Ceux que hante une affection déplacée pour leur corps éphémère et pour leurs proches, et qu'enchaînent les concepts du "moi" et du "mien", restent incapables de percevoir Tes pieds pareils-au-lotus, bien que ces derniers se trouvent dans leur propre corps. Mais quant à nous, Seigneur, nous cherchons refuge en Tes pieds pareils-au-lotus.

TENEUR ET PORTEE

La philosophie védique dans son ensemble enseigne qu'il faut se délivrer des enveloppes matérielles que sont nos corps grossiers et subtils, lesquels ne font que perpétuer, notre existence de souffrance. Or, le corps matériel continue d'être jusquà ce que l'on soit détaché du désir illusoire de dominer la nature matérielle. Et ce désir est suscité par les concepts de "moi" et de "mien". Nous pensons: "Je suis le seigneur et maître de tout ce qui m'entoure. Je possède aujourd'hui tant de choses, et demain plus et plus encore. Qui pourrait être plus riche et plus cultivé que moi? Je suis le maître, je suis Dieu. Nul autre que moi n'existe." Toutes ces idées reflètent la philosophie de l'aham-mama, "Je suis tout". Les êtres qui adhèrent à un tel concept de l'existence ne peuvent jamais s'affranchir des chaînes de la matière. Or, même celui qui est condamné à perpétuellement souffrir au sein de l'existence matérielle peut être délivré de son esclavage pourvu qu'il accepte simplement de prêter l'oreille à la krsna-katha. Dans l'âge de Kali, l'ère ou nous vivons, l'écoute de la krsna-katha est le moyen le plus sûr de se défaire des liens indésirables de l'affection familiale et d'obtenir par là une liberté définitive.

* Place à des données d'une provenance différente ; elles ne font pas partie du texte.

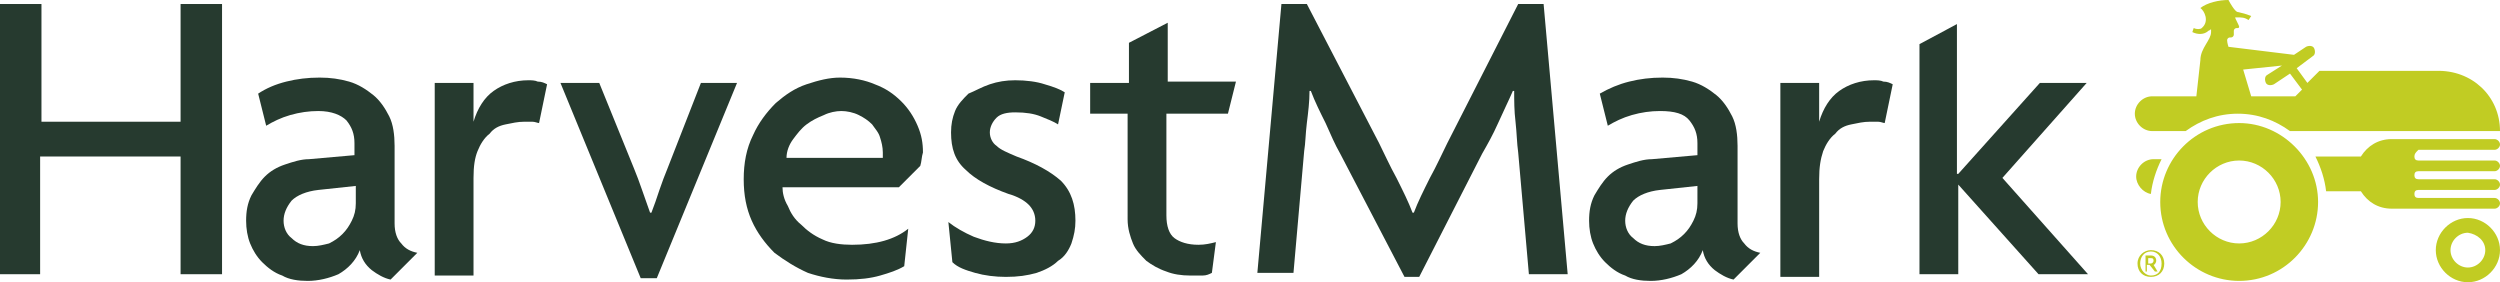 <svg xmlns="http://www.w3.org/2000/svg" xml:space="preserve" id="Layer_1" width="186.9" height="21.1" x="0" y="0" version="1.1" viewBox="0 0 186.9 21.1"><style id="style173" type="text/css">.st0{fill:#263a2f}.st1{fill:#c1cc23}</style><g id="g241" transform="translate(-1.6 -.7)"><g id="g197"><path id="polygon175" d="M154.1 6.9h3.5l-6.3 7.1 6.4 7.2H154l-6-6.7v6.7h-2.9V4l2.8-1.5v11.2h.1z" class="st0"/><path id="path177" d="M15.1 21.2v-8.8H4.6v8.8h-3V1h3.1v8.8h10.4V1h3.1v20.2z" class="st0"/><path id="path179" d="M30.8 21.6c-.5-.1-1-.4-1.4-.7-.5-.4-.8-.9-.9-1.5-.3.8-.9 1.4-1.6 1.8-.7.3-1.5.5-2.3.5-.7 0-1.4-.1-1.9-.4-.6-.2-1.1-.6-1.5-1-.4-.4-.7-.9-.9-1.4-.2-.5-.3-1.1-.3-1.7 0-.7.1-1.3.4-1.9.3-.5.6-1 1-1.4.4-.4.9-.7 1.5-.9.6-.2 1.2-.4 1.8-.4l3.4-.3v-.9c0-.7-.2-1.2-.6-1.7-.4-.4-1.1-.7-2.1-.7-.7 0-1.4.1-2.1.3-.7.2-1.3.5-1.8.8l-.6-2.4c.6-.4 1.3-.7 2.1-.9.8-.2 1.6-.3 2.5-.3.8 0 1.5.1 2.2.3.7.2 1.3.6 1.8 1s.9 1 1.2 1.6c.3.6.4 1.4.4 2.2v5.8c0 .7.2 1.2.5 1.5.3.4.7.6 1.2.7zm-2.6-7-2.8.3c-.9.1-1.6.4-2 .8-.4.5-.6 1-.6 1.5s.2 1 .6 1.3c.4.4.9.6 1.6.6.4 0 .8-.1 1.2-.2.4-.2.7-.4 1-.7.3-.3.5-.6.7-1 .2-.4.3-.8.3-1.3z" class="st0"/><path id="path181" d="M41.9 9.9c-.1 0-.3-.1-.5-.1h-.6c-.5 0-.9.1-1.4.2-.5.1-.9.3-1.2.7-.4.3-.7.8-.9 1.3-.2.5-.3 1.1-.3 2v7.3h-2.9V6.9H37v2.9c.3-1 .8-1.8 1.5-2.3.7-.5 1.6-.8 2.6-.8.2 0 .5 0 .7.1.3 0 .5.1.7.2z" class="st0"/><path id="path183" d="M50.7 21.5h-1.2l-6-14.6h2.9l2.6 6.4c.2.5.4 1 .6 1.6.2.6.4 1.1.6 1.7h.1c.2-.5.4-1.1.6-1.7.2-.6.4-1.1.6-1.6L54 6.9h2.7z" class="st0"/><path id="path185" d="m70.4 13.1-1.6 1.6h-8.7c0 .4.1.9.4 1.4.2.5.5 1 1 1.4.4.4.9.8 1.6 1.1.6.3 1.4.4 2.2.4.9 0 1.7-.1 2.4-.3.7-.2 1.3-.5 1.8-.9l-.3 2.8c-.5.3-1.1.5-1.8.7-.7.2-1.5.3-2.5.3s-2-.2-2.9-.5c-.9-.4-1.7-.9-2.5-1.5-.7-.7-1.3-1.5-1.7-2.4-.4-.9-.6-1.9-.6-3.1 0-1.2.2-2.3.7-3.3.4-.9 1-1.7 1.7-2.4.7-.6 1.4-1.1 2.3-1.4.9-.3 1.7-.5 2.5-.5 1 0 1.9.2 2.6.5.8.3 1.4.7 2 1.3.5.5.9 1.1 1.2 1.8.3.7.4 1.3.4 2-.1.3-.1.7-.2 1zm-3-2.1c-.1-.4-.4-.7-.6-1-.3-.3-.6-.5-1-.7-.4-.2-.9-.3-1.3-.3s-.9.1-1.3.3c-.5.2-.9.4-1.3.7-.4.3-.7.7-1 1.1-.3.4-.5.9-.5 1.4h7.2v-.4c0-.4-.1-.8-.2-1.1z" class="st0"/><path id="path187" d="M81.7 18.9c-.2.5-.5 1-1 1.3-.4.4-1 .7-1.6.9-.7.2-1.4.3-2.3.3-.8 0-1.6-.1-2.3-.3-.7-.2-1.3-.4-1.7-.8l-.3-3c.5.4 1.2.8 1.9 1.1.8.3 1.6.5 2.4.5.7 0 1.2-.2 1.6-.5.4-.3.6-.7.6-1.2s-.2-.9-.5-1.2c-.3-.3-.8-.6-1.5-.8-1.4-.5-2.5-1.1-3.2-1.8-.8-.7-1.1-1.6-1.1-2.8 0-.6.1-1.1.3-1.6.2-.5.6-.9 1-1.3.5-.2 1-.5 1.6-.7.6-.2 1.2-.3 1.9-.3.8 0 1.6.1 2.2.3.7.2 1.2.4 1.5.6l-.5 2.4c-.3-.2-.8-.4-1.3-.6-.5-.2-1.1-.3-1.9-.3-.6 0-1.1.1-1.4.4-.3.3-.5.7-.5 1.1 0 .4.2.8.5 1 .3.3.8.5 1.5.8 1.4.5 2.5 1.1 3.3 1.8.8.8 1.1 1.8 1.1 3 0 .6-.1 1.1-.3 1.7z" class="st0"/><path id="path189" d="M93.4 9.2h-4.6v7.6c0 .8.2 1.4.6 1.7.4.3 1 .5 1.8.5.5 0 .9-.1 1.3-.2l-.3 2.3c-.2.1-.4.2-.7.2h-.9c-.7 0-1.3-.1-1.8-.3-.6-.2-1.1-.5-1.5-.8-.4-.4-.8-.8-1-1.3-.2-.5-.4-1.1-.4-1.8V9.2h-2.8V6.9H86v-3l2.9-1.5v4.4H94z" class="st0"/><path id="path191" d="m115.9 21.2-.8-9.1c-.1-.7-.1-1.4-.2-2.3-.1-.8-.1-1.6-.1-2.3h-.1c-.3.7-.7 1.5-1.1 2.4-.4.9-.8 1.6-1.2 2.3l-4.7 9.2h-1.1l-4.8-9.2c-.4-.7-.7-1.4-1.1-2.3-.4-.8-.8-1.6-1.1-2.4h-.1c0 .8-.1 1.6-.2 2.4-.1.8-.1 1.5-.2 2.1l-.8 9.1h-2.7L97.4 1h1.9l5.4 10.4c.4.8.8 1.7 1.3 2.6.5 1 .9 1.8 1.2 2.6h.1c.3-.8.7-1.6 1.2-2.6.5-.9.9-1.8 1.3-2.6L115.1 1h1.9l1.8 20.2z" class="st0"/><path id="path193" d="M131.2 21.6c-.5-.1-1-.4-1.4-.7-.5-.4-.8-.9-.9-1.5-.3.8-.9 1.4-1.6 1.8-.7.3-1.5.5-2.3.5-.7 0-1.4-.1-1.9-.4-.6-.2-1.1-.6-1.5-1-.4-.4-.7-.9-.9-1.4-.2-.5-.3-1.1-.3-1.7 0-.7.1-1.3.4-1.9.3-.5.6-1 1-1.4.4-.4.9-.7 1.5-.9.6-.2 1.2-.4 1.8-.4l3.4-.3v-.9c0-.7-.2-1.2-.6-1.7-.4-.5-1.1-.7-2.2-.7-.7 0-1.4.1-2.1.3-.7.2-1.3.5-1.8.8l-.6-2.4c.7-.4 1.4-.7 2.2-.9.8-.2 1.6-.3 2.5-.3.8 0 1.5.1 2.2.3.7.2 1.3.6 1.8 1s.9 1 1.2 1.6c.3.6.4 1.4.4 2.2v5.8c0 .7.2 1.2.5 1.5.3.4.7.6 1.2.7zm-2.7-7-2.8.3c-.9.1-1.6.4-2 .8-.4.5-.6 1-.6 1.5s.2 1 .6 1.3c.4.4.9.6 1.6.6.4 0 .8-.1 1.2-.2.4-.2.7-.4 1-.7.3-.3.5-.6.7-1 .2-.4.3-.8.3-1.3z" class="st0"/><path id="path195" d="M142.5 9.9c-.1 0-.3-.1-.5-.1h-.6c-.5 0-.9.1-1.4.2-.5.1-.9.3-1.2.7-.4.3-.7.8-.9 1.3-.2.6-.3 1.2-.3 2.1v7.3h-2.9V6.9h2.9v2.9c.3-1 .8-1.8 1.5-2.3.7-.5 1.6-.8 2.6-.8.2 0 .5 0 .7.1.3 0 .5.1.7.2z" class="st0"/></g><path id="path199" d="M182.1 12.4c0 .2.1.3.3.3h5.7c.2 0 .4.2.4.4s-.2.4-.4.4h-5.7c-.2 0-.3.1-.3.3 0 .2.1.3.3.3h5.7c.2 0 .4.2.4.4s-.2.4-.4.4h-5.7c-.2 0-.3.1-.3.3 0 .2.1.3.3.3h5.7c.2 0 .4.2.4.4s-.2.4-.4.4h-7.7c-1 0-1.8-.5-2.3-1.3h-2.6c-.1-.9-.4-1.8-.8-2.6h3.4c.5-.8 1.3-1.3 2.3-1.3h7.7c.2 0 .4.2.4.4s-.2.4-.4.4h-5.7c-.2.2-.3.3-.3.5zm-19.5.2c-.7 0-1.3.6-1.3 1.3 0 .6.5 1.2 1.1 1.3.1-.9.4-1.8.8-2.6zm25.9-2.1h-15.7c-1.1-.8-2.4-1.3-3.9-1.3s-2.8.5-3.9 1.3h-2.5c-.7 0-1.3-.6-1.3-1.3 0-.7.6-1.3 1.3-1.3h3.3l.3-2.7c0-.9.8-1.5.8-2.1v-.2c-.1 0-.1.1-.2.1-.3.3-.8.3-1.2.1l.1-.3c.2.1.5.1.6 0 .6-.5.2-1.3-.1-1.5.5-.4 1.4-.6 2.1-.6.1.2.5.9.7.9.4.1.5.1 1 .3l-.2.3c-.3-.2-.5-.2-.9-.2h-.1c0 .1.3.6.3.7 0 0 0 .1-.1.1h-.1c-.1 0-.2.1-.2.2v.3c0 .1-.1.2-.2.2h-.1c-.1 0-.2.1-.2.2 0 .2.1.5.1.5l4.9.6.9-.6c.2-.1.5-.1.6.1.1.2.1.5-.1.6l-1.2.9.8 1.1.9-.9h8.7c2.7-.1 4.8 1.9 4.8 4.5zm-15.3-2.6.5-.5-.9-1.2-1.2.8c-.2.1-.5.1-.6-.1-.1-.2-.1-.5.1-.6l1.1-.7-2.9.3.6 2zm-4.2 2c-3.3 0-5.9 2.7-5.9 5.9 0 3.3 2.7 5.9 5.9 5.9 3.3 0 5.9-2.7 5.9-5.9s-2.7-5.9-5.9-5.9zm3.1 5.9c0 1.7-1.4 3.1-3.1 3.1-1.7 0-3.1-1.4-3.1-3.1 0-1.7 1.4-3.1 3.1-3.1 1.7 0 3.1 1.4 3.1 3.1zm14 1.2c-1.3 0-2.4 1.1-2.4 2.4 0 1.3 1.1 2.4 2.4 2.4 1.3 0 2.4-1.1 2.4-2.4 0-1.3-1.1-2.4-2.4-2.4zm1.3 2.4c0 .7-.6 1.3-1.3 1.3-.7 0-1.3-.6-1.3-1.3 0-.7.6-1.3 1.3-1.3.7.1 1.3.6 1.3 1.3z" class="st1"/><path id="path201" d="M162.4 21.4c-.6 0-1-.4-1-1s.5-1 1-1c.6 0 1 .4 1 1s-.4 1-1 1zm0-1.9c-.5 0-.8.4-.8.9s.4.9.8.9c.5 0 .8-.3.8-.9 0-.5-.3-.9-.8-.9zm.3 1.5-.4-.5h-.2v.5h-.1v-1.2h.4c.2 0 .4.1.4.4 0 .1-.1.3-.2.3l.3.5zm-.3-1h-.2v.4h.2c.1 0 .2-.1.2-.2 0-.2-.1-.2-.2-.2z" class="st1"/></g></svg>

L'âge de Kali est un océan de péchés, et les hommes tombent de plus en plus sous son emprise, mais par le simple fait d'écouter et de chanter la krsna-katha, on est assuré de retourner à Dieu. Par suite, les gens devraient être éduqués, par tous les moyens, à n'écouter que la krsna-katha, de manière à s'affranchir de toute forme de souffrances.

VERSET 45

tan vai hy asad-vrttibhir aksibhir ye
parahrtantar-manasah paresa
atho na pasyanty urugaya nunam
ye te padanyasa-vilasa-laksyah

TRADUCTION

O puissant Seigneur, ceux qui sont coupables d'offenses et dont la vision interne a trop souffert de leurs activités externes matérielles, ne peuvent percevoir Tes pieds pareils-au-lotus; mais Tes purs dévots le peuvent, eux dont le seul et unique but est de savourer la félicité spirituelle inhérente à Tes Actes divins.

TENEUR ET PORTEE

Comme l'enseigne la Bhagavad-gita (XVIII.61), le Seigneur est présent dans le coeur de chaque être. Nous devrions donc au moins pouvoir Le contempler à l'intérieur de nous-mêmes. Mais c'est là chose impossible pour ceux dont la vision interne se trouve recouverte par leurs activités externes. L'âme pure, dont la présence est indiquée par la conscience, peut être aisément perçue même par l'homme du commun, car la conscience est répandue de par le corps tout entier. Le yoga, tel que l'enseigne la Bhagavad-gita, consiste à concentrer son activité mentale en son for intérieur de façon à pouvoir contempler en soi les pieds pareils-au-lotus du Seigneur. Mais il existe tellement de prétendus yogis qui ne se soucient pas du Seigneur, mais seulement de la conscience, qu'ils tiennent pour le but ultime de la réalisation spirituelle. Cette réalisation de la conscience, la Bhagavad-gita l'explique en quelques minutes seulement; mais en raison des offenses qu'ils ont commises aux pieds pareils-au-lotus du Seigneur, nos soi-disant yogis prennent de nombreuses années pour y parvenir. La plus grande offense consiste à nier l'existence de Dieu en tant que réalité distincte de celle de l'âme individuelle, ou à voir le Seigneur et l'âme individuelle comme une seule et même entité. Les impersonnalistes interprètent faussement la théorie de la réflexion, et considèrent ainsi à tort la conscience individuelle comme étant la conscience suprême.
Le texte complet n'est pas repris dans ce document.